Task details – Look through the data below, and copy each line that carries the word "path".

BEGIN Material provided

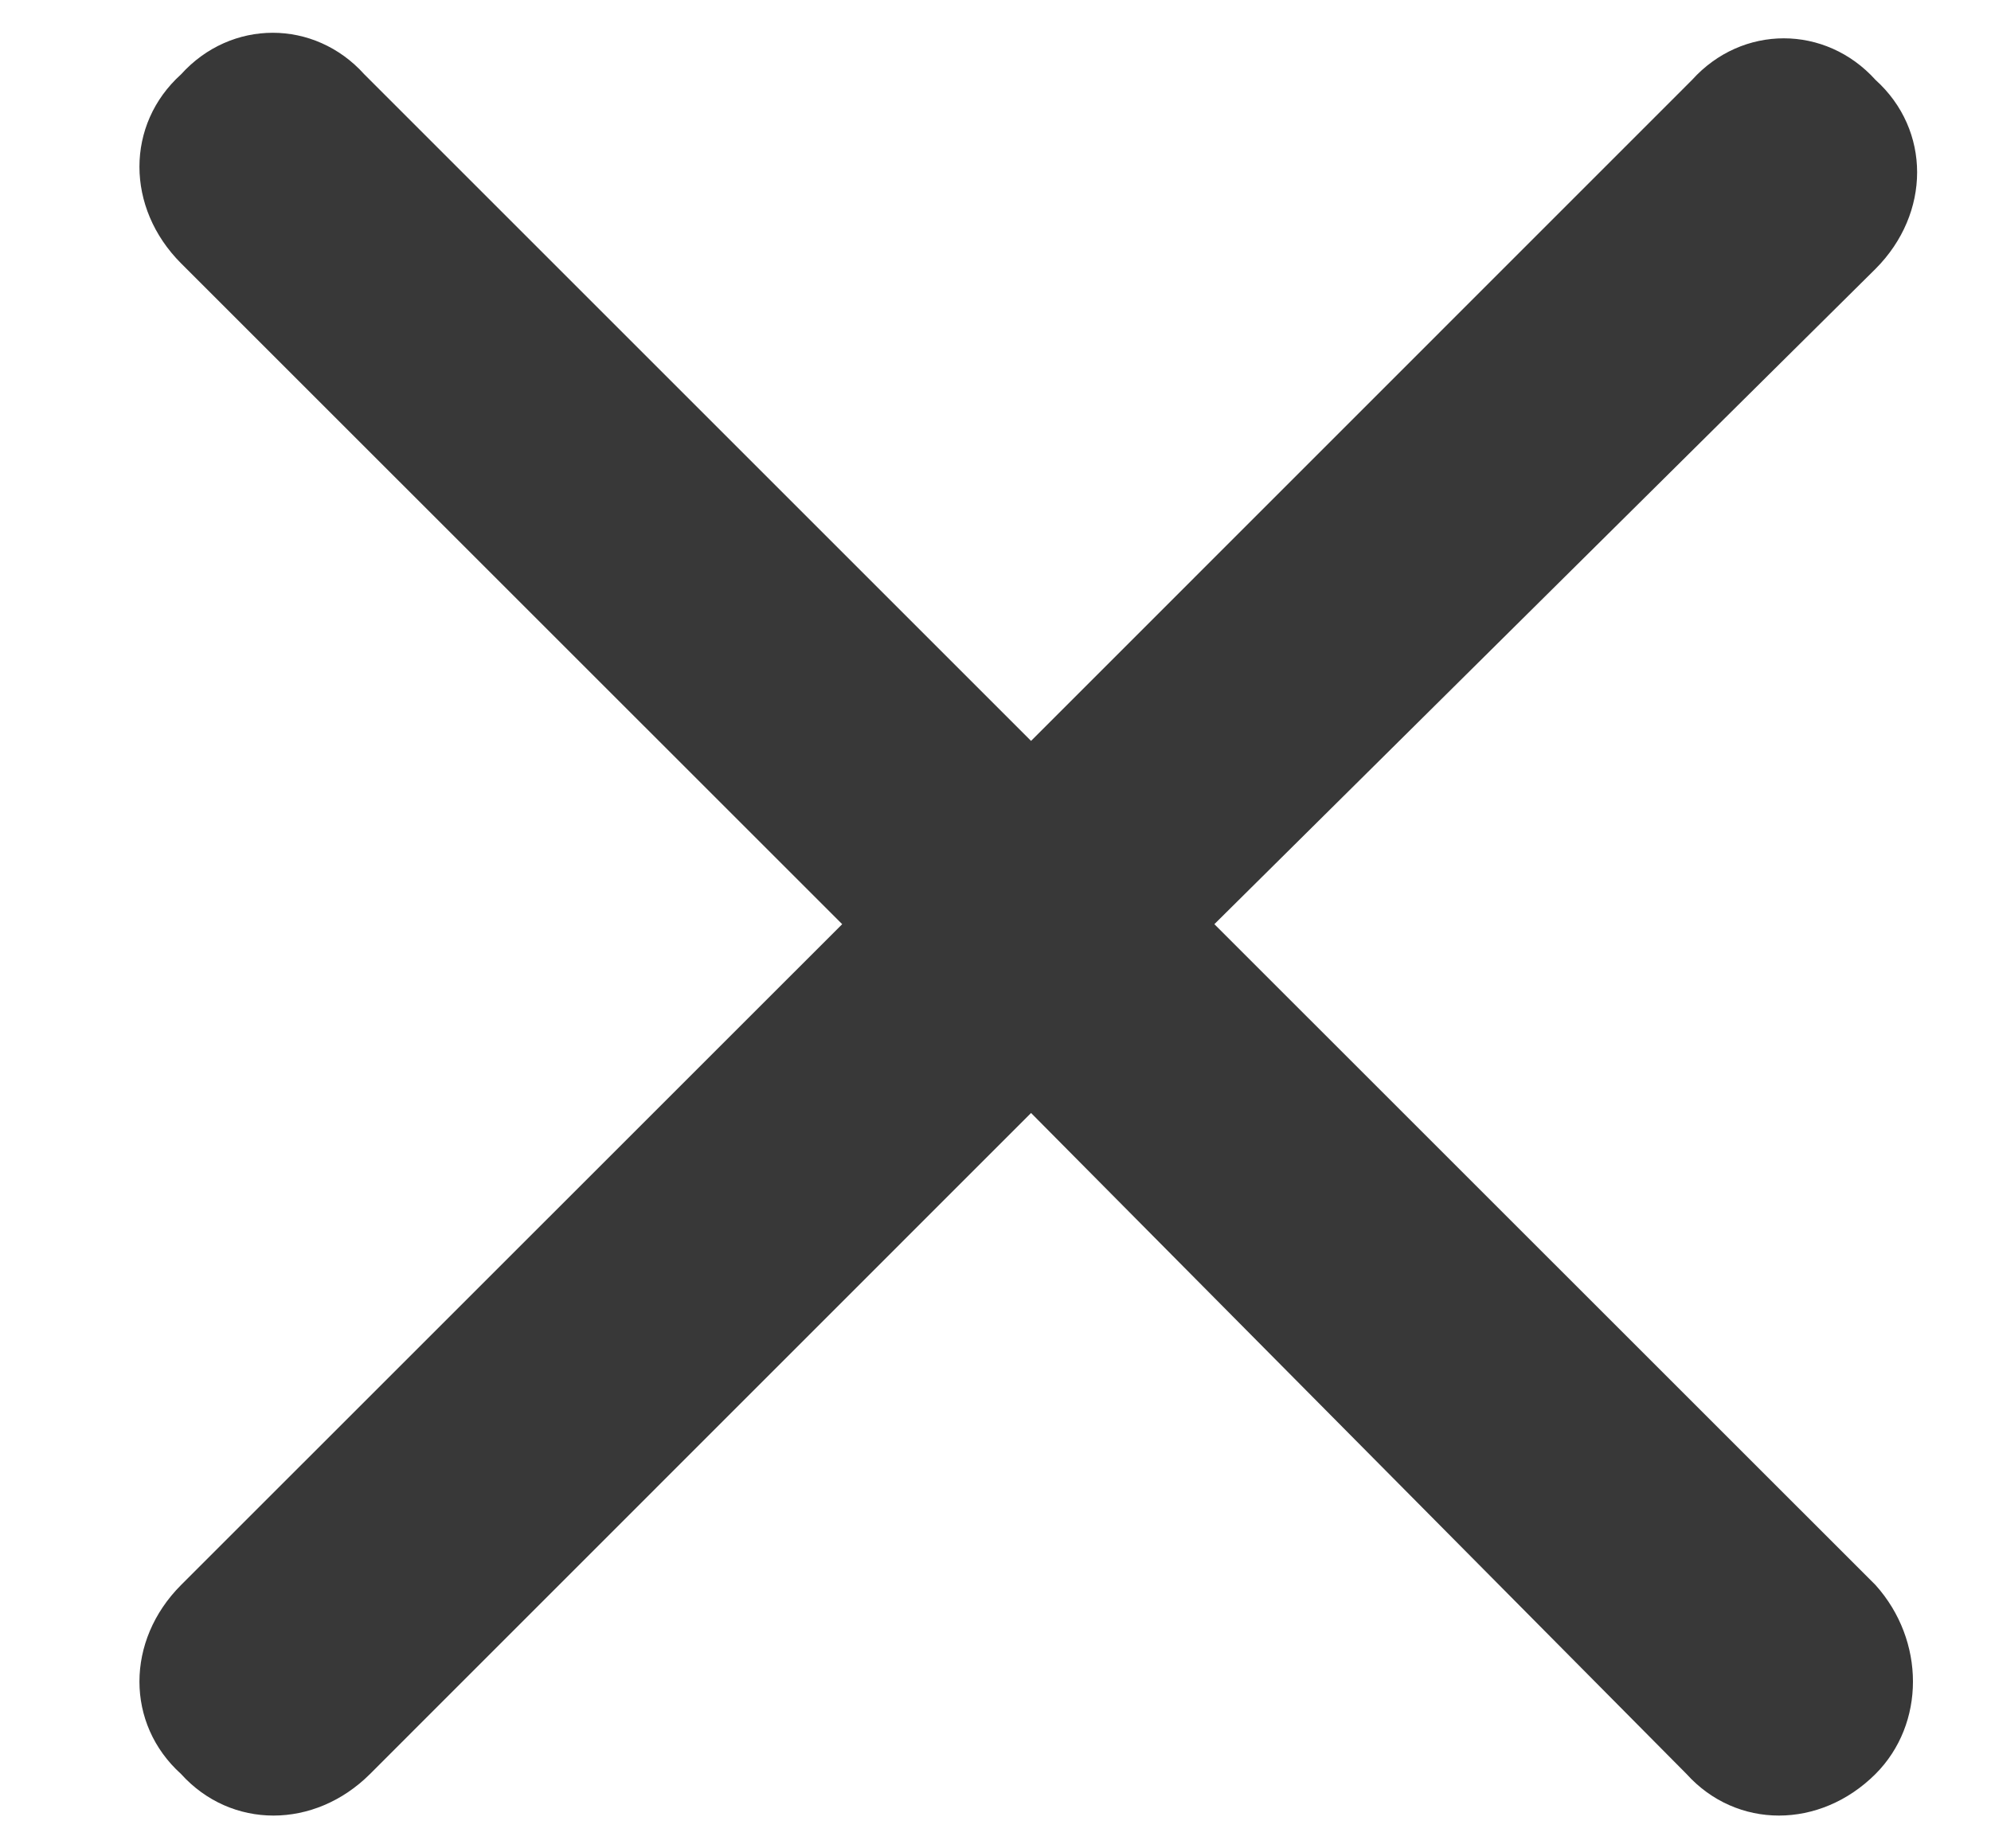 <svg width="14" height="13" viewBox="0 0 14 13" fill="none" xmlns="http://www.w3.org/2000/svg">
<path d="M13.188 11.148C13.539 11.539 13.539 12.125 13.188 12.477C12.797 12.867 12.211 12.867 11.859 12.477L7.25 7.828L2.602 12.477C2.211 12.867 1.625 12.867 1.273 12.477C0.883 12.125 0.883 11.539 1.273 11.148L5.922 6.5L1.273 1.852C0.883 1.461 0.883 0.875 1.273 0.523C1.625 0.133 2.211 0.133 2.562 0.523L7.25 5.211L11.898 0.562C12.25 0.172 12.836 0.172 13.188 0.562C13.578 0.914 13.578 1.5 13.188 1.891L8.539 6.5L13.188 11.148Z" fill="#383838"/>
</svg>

END Material provided
BEGIN Material provided

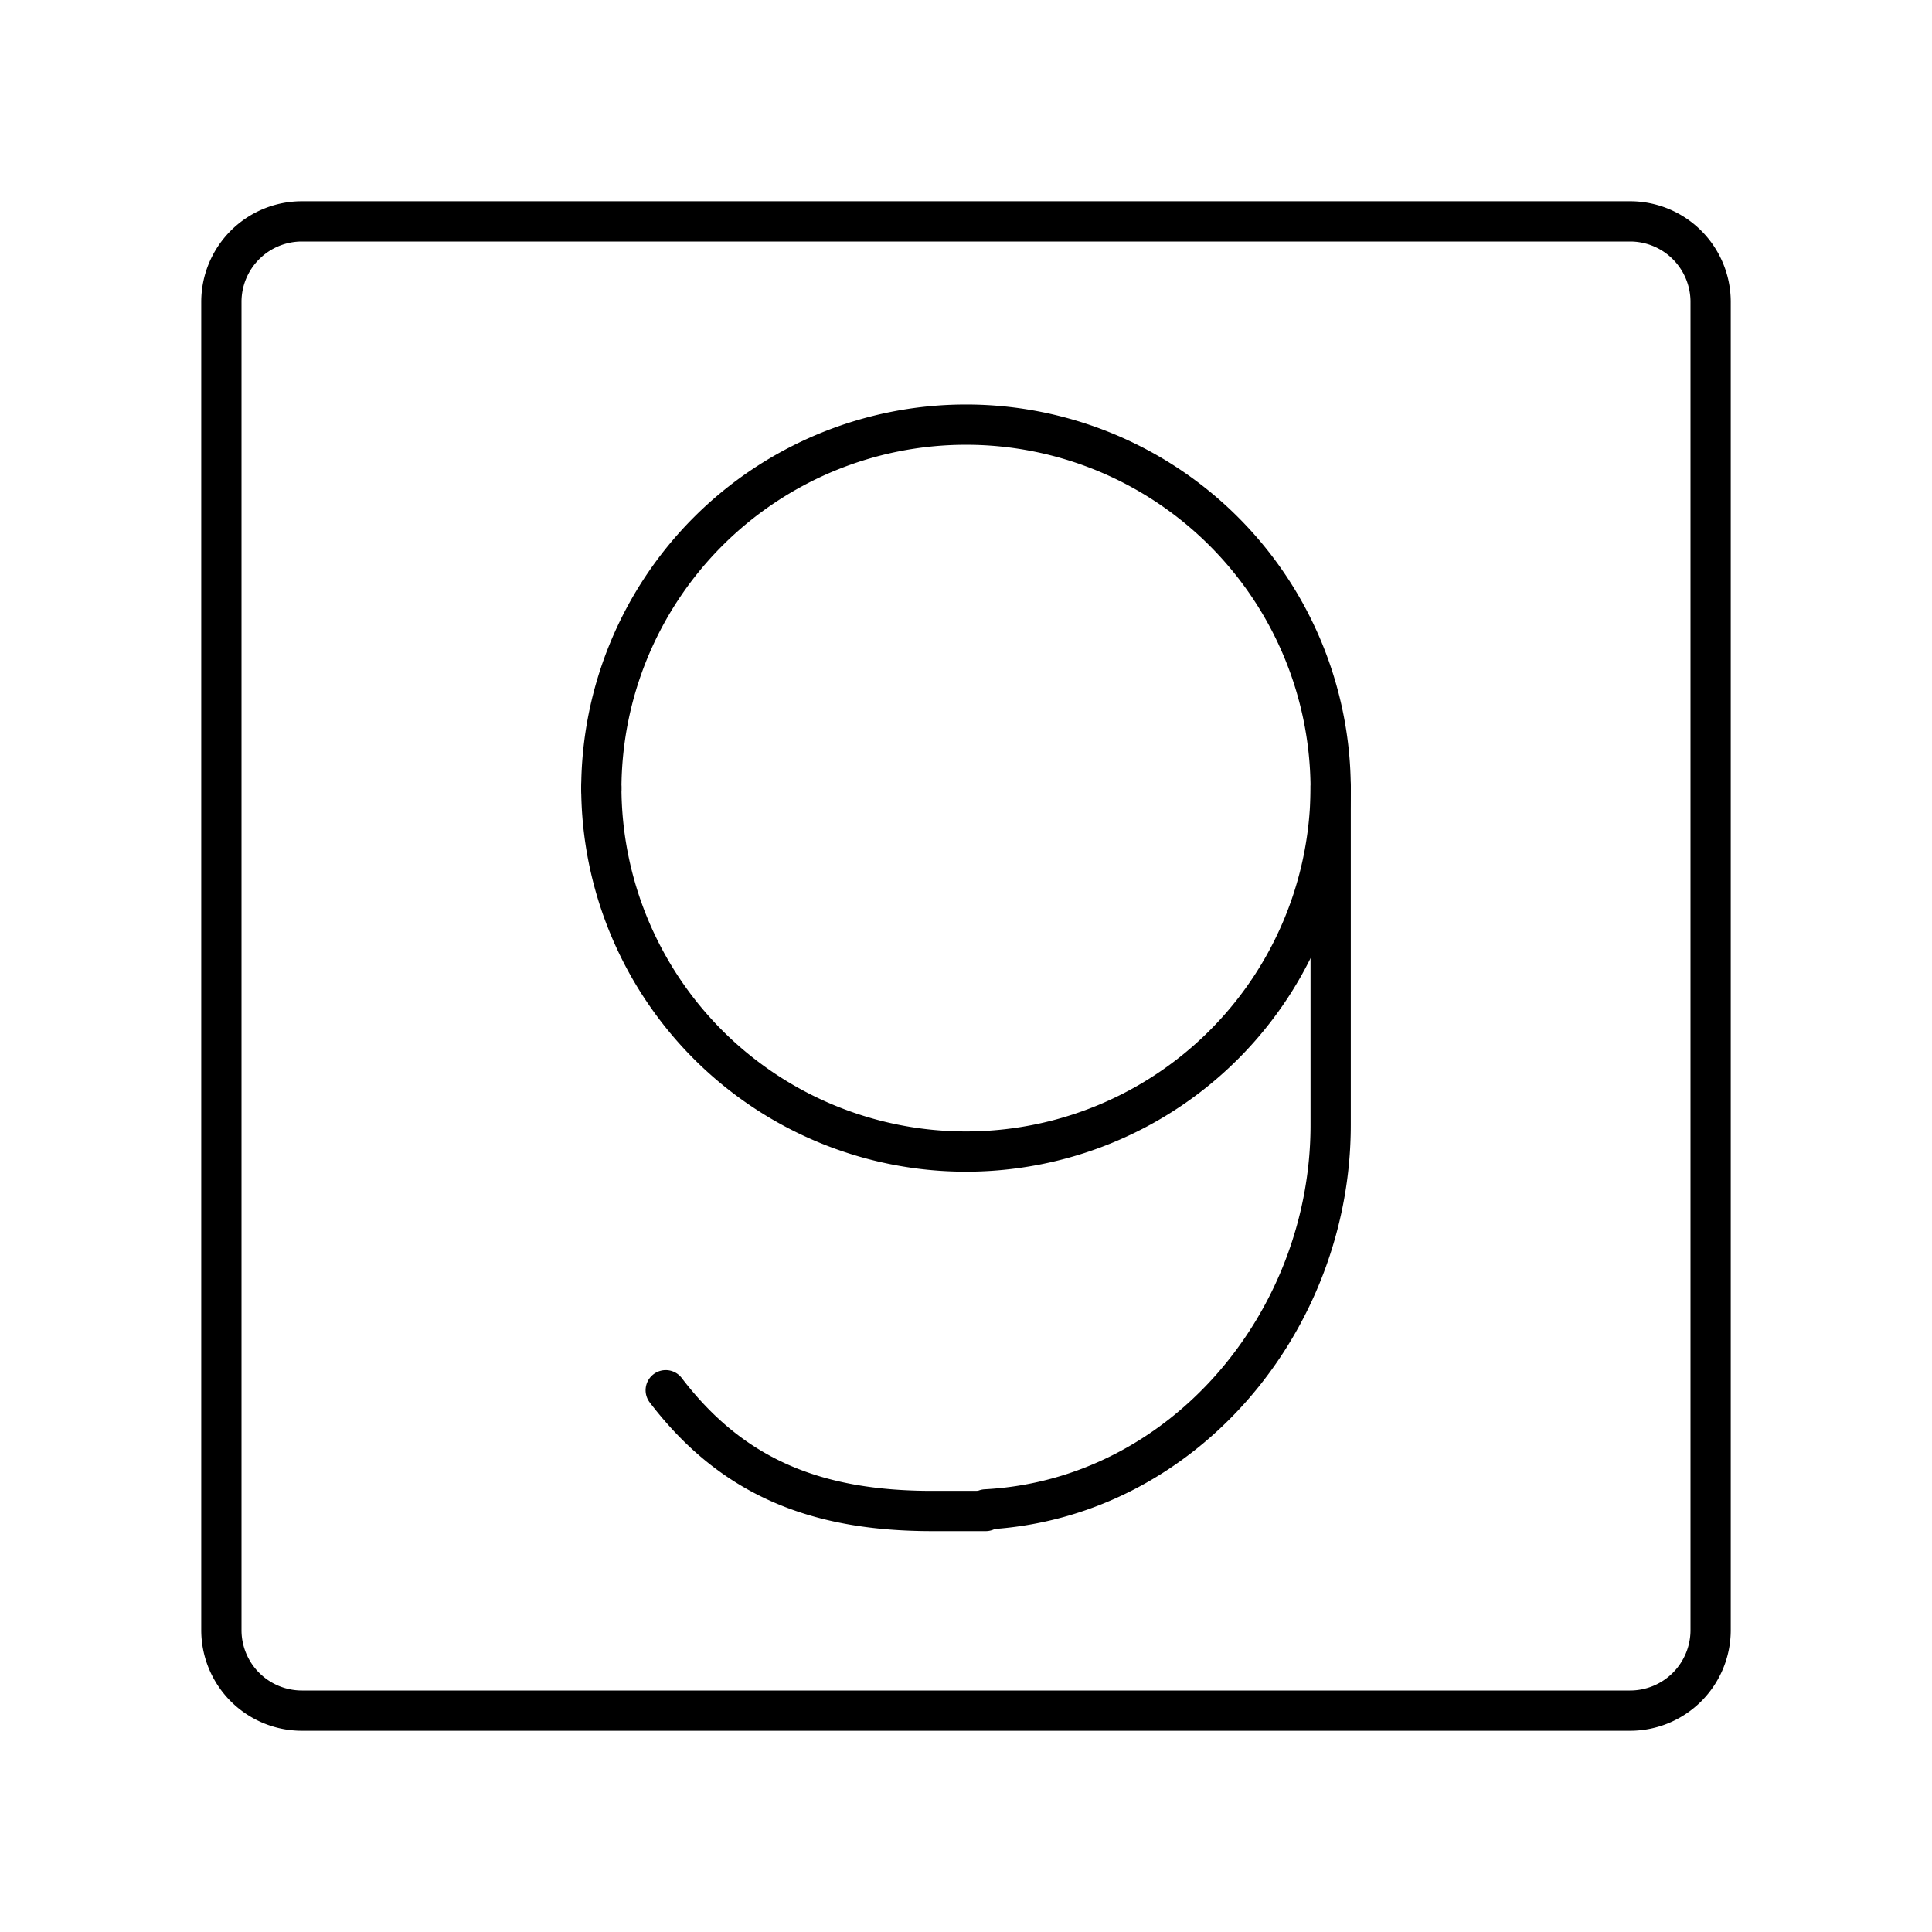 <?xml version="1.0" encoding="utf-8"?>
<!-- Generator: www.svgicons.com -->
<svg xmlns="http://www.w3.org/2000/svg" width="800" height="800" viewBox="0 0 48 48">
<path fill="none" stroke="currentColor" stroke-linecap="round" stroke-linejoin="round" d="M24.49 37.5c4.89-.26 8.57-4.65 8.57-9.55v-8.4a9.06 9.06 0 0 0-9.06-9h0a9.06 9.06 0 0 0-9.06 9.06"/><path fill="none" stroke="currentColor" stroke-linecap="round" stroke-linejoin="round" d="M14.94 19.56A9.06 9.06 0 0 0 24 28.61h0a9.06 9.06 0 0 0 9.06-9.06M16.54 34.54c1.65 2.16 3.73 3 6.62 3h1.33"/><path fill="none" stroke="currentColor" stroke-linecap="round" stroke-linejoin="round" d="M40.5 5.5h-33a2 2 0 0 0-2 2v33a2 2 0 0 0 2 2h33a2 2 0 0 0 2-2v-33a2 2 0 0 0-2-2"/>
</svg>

END Material provided

Worked solution –
<path d="M13.188 11.148C13.539 11.539 13.539 12.125 13.188 12.477C12.797 12.867 12.211 12.867 11.859 12.477L7.25 7.828L2.602 12.477C2.211 12.867 1.625 12.867 1.273 12.477C0.883 12.125 0.883 11.539 1.273 11.148L5.922 6.5L1.273 1.852C0.883 1.461 0.883 0.875 1.273 0.523C1.625 0.133 2.211 0.133 2.562 0.523L7.25 5.211L11.898 0.562C12.25 0.172 12.836 0.172 13.188 0.562C13.578 0.914 13.578 1.5 13.188 1.891L8.539 6.5L13.188 11.148Z" fill="#383838"/>
<path fill="none" stroke="currentColor" stroke-linecap="round" stroke-linejoin="round" d="M24.49 37.5c4.89-.26 8.57-4.65 8.57-9.55v-8.4a9.06 9.06 0 0 0-9.06-9h0a9.06 9.06 0 0 0-9.06 9.06"/><path fill="none" stroke="currentColor" stroke-linecap="round" stroke-linejoin="round" d="M14.94 19.56A9.06 9.06 0 0 0 24 28.61h0a9.06 9.06 0 0 0 9.06-9.06M16.54 34.54c1.65 2.16 3.73 3 6.62 3h1.33"/><path fill="none" stroke="currentColor" stroke-linecap="round" stroke-linejoin="round" d="M40.5 5.5h-33a2 2 0 0 0-2 2v33a2 2 0 0 0 2 2h33a2 2 0 0 0 2-2v-33a2 2 0 0 0-2-2"/>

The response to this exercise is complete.